WORK REQUEST: Your answer must be an exact transcription of every record below, with the pictures omitted.

RECORDED DATA:

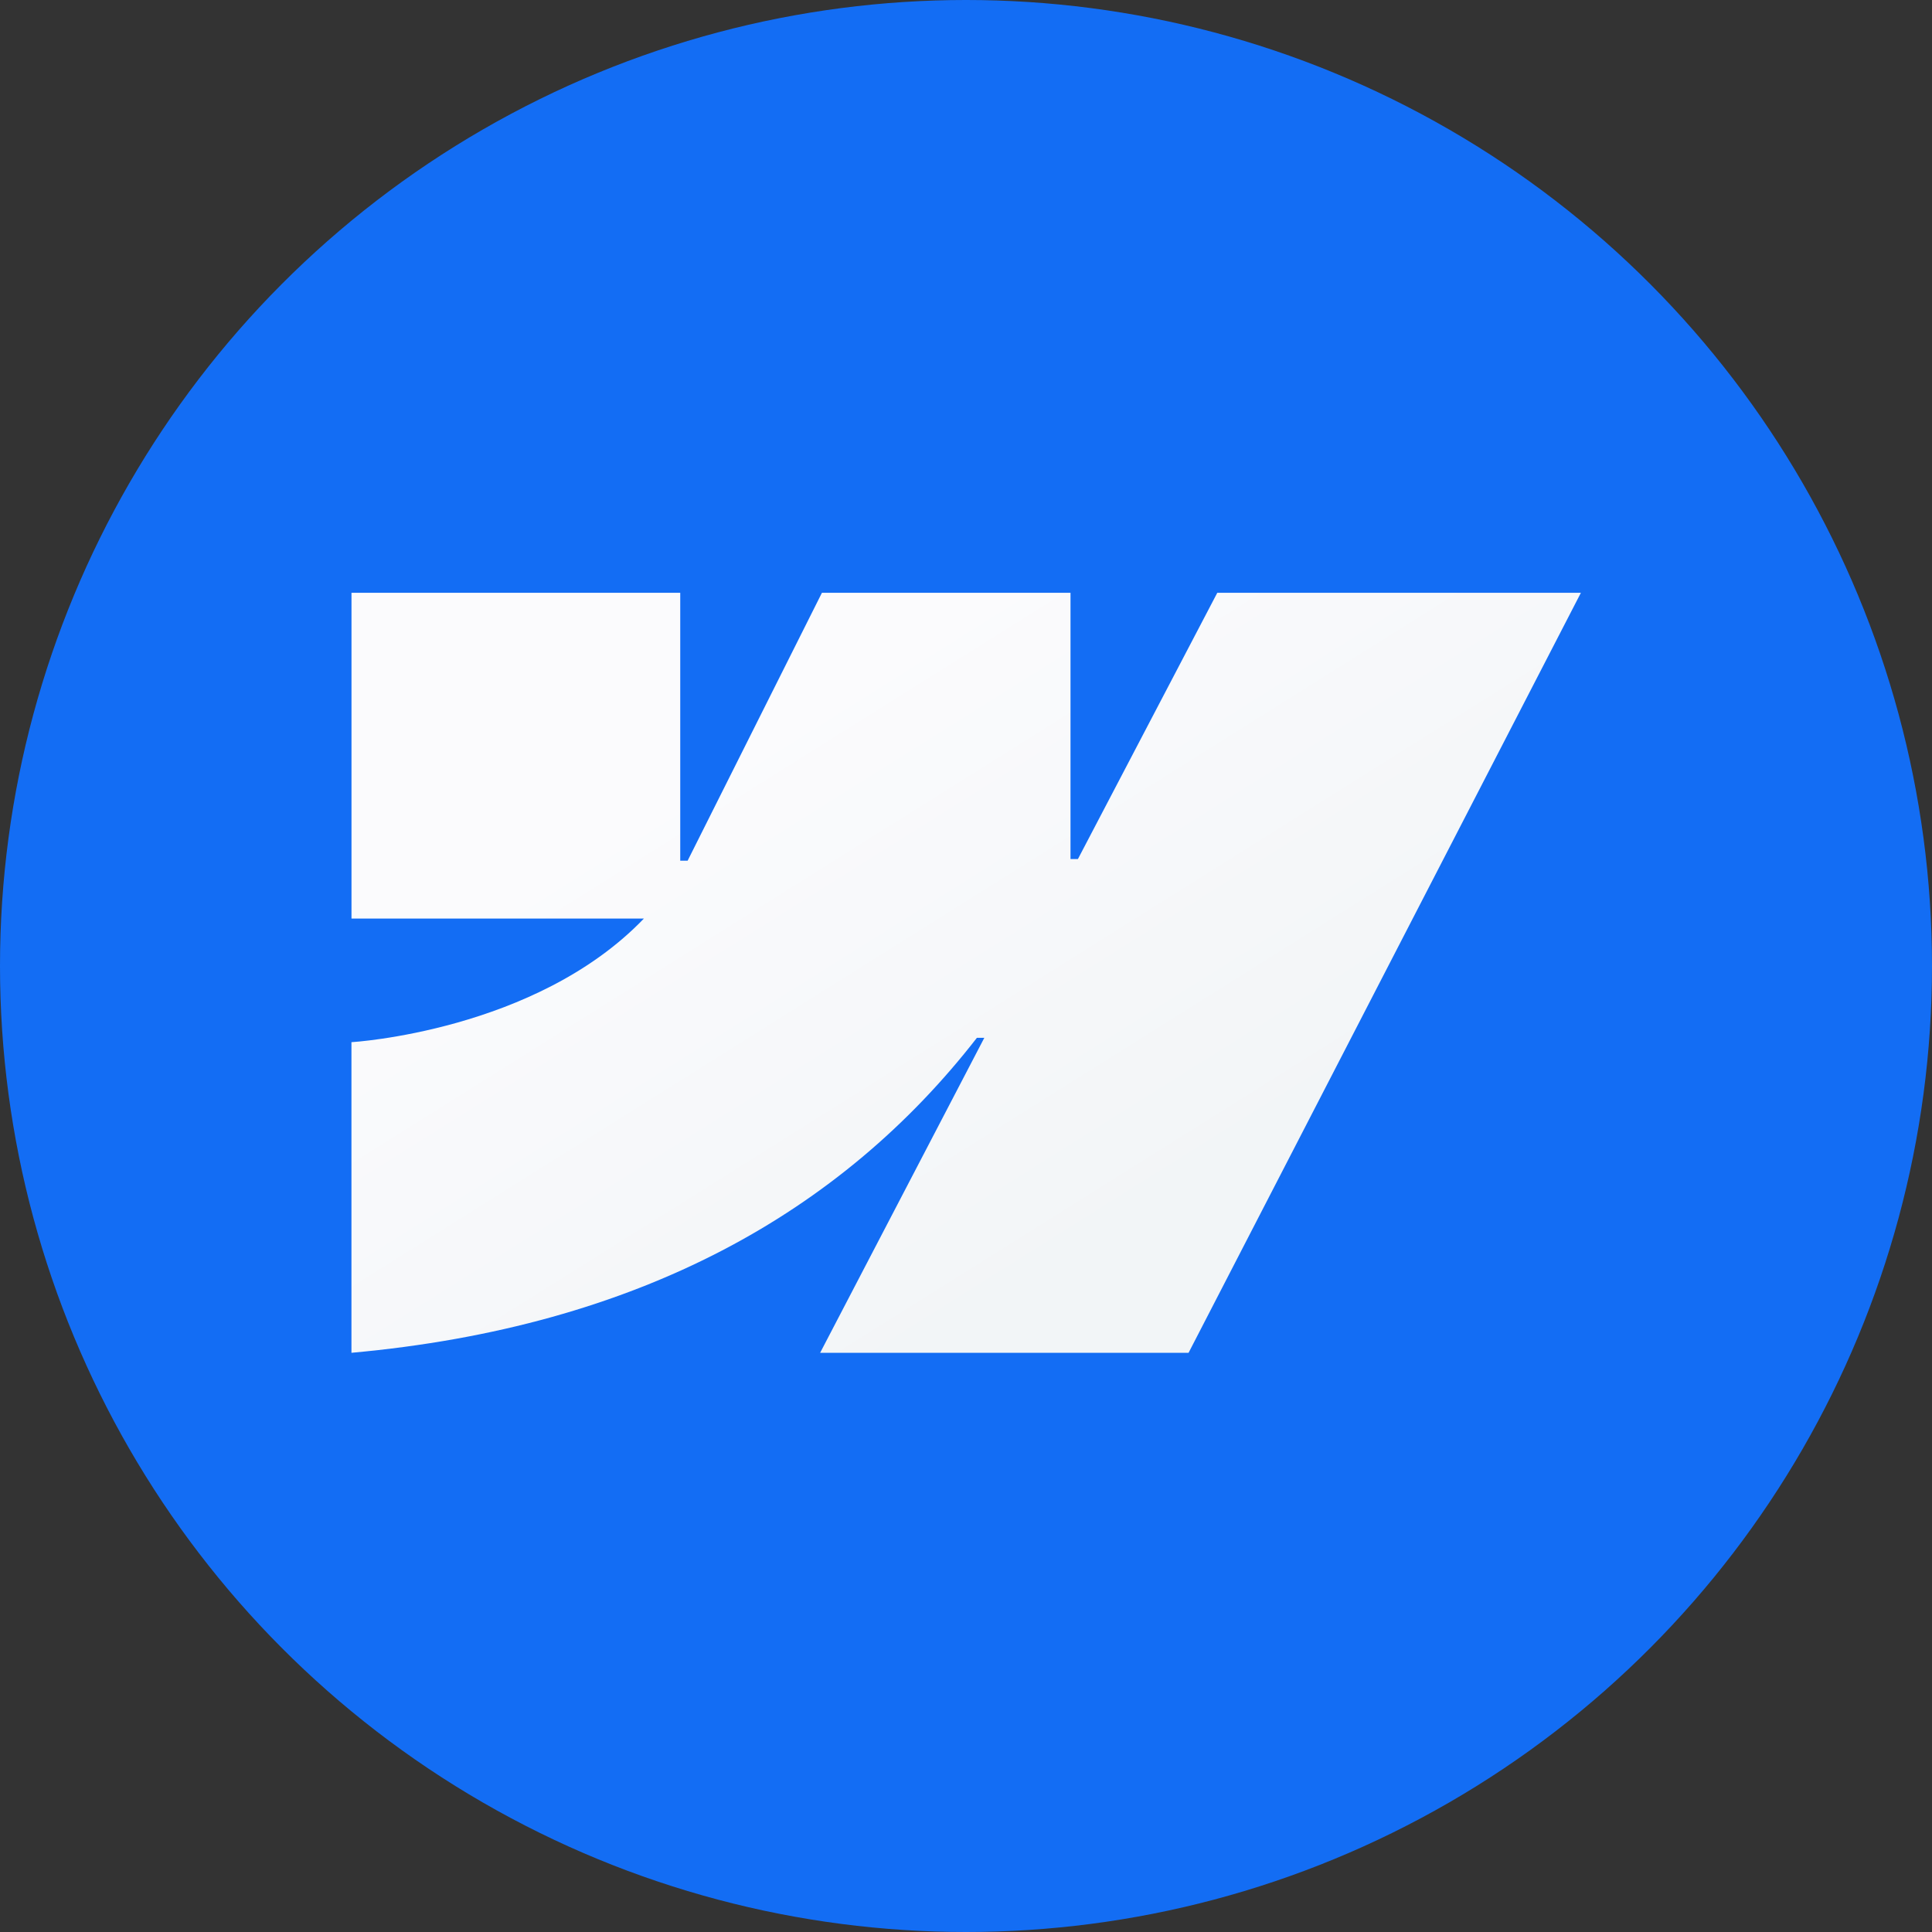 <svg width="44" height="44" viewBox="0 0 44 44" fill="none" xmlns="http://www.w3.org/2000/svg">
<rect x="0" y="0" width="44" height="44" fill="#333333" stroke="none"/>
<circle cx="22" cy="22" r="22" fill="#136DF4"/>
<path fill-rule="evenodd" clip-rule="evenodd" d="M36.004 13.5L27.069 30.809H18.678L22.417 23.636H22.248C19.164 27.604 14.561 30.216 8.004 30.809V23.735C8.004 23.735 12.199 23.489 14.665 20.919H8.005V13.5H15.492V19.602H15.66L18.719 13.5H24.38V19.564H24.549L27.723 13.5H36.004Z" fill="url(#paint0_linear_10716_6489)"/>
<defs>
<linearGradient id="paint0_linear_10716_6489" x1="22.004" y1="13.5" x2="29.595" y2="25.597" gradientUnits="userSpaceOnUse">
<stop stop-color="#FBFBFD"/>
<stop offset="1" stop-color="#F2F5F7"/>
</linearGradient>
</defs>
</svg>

ANSWER SECTION:
 <svg width="44" height="44" viewBox="0 0 44 44" fill="none" xmlns="http://www.w3.org/2000/svg">
<rect x="0" y="0" width="44" height="44" fill="#333333" stroke="none"/>
<circle cx="22" cy="22" r="22" fill="#136DF4"/>
<path fill-rule="evenodd" clip-rule="evenodd" d="M36.004 13.5L27.069 30.809H18.678L22.417 23.636H22.248C19.164 27.604 14.561 30.216 8.004 30.809V23.735C8.004 23.735 12.199 23.489 14.665 20.919H8.005V13.5H15.492V19.602H15.66L18.719 13.5H24.38V19.564H24.549L27.723 13.5H36.004Z" fill="url(#paint0_linear_10716_6489)"/>
<defs>
<linearGradient id="paint0_linear_10716_6489" x1="22.004" y1="13.5" x2="29.595" y2="25.597" gradientUnits="userSpaceOnUse">
<stop stop-color="#FBFBFD"/>
<stop offset="1" stop-color="#F2F5F7"/>
</linearGradient>
</defs>
</svg>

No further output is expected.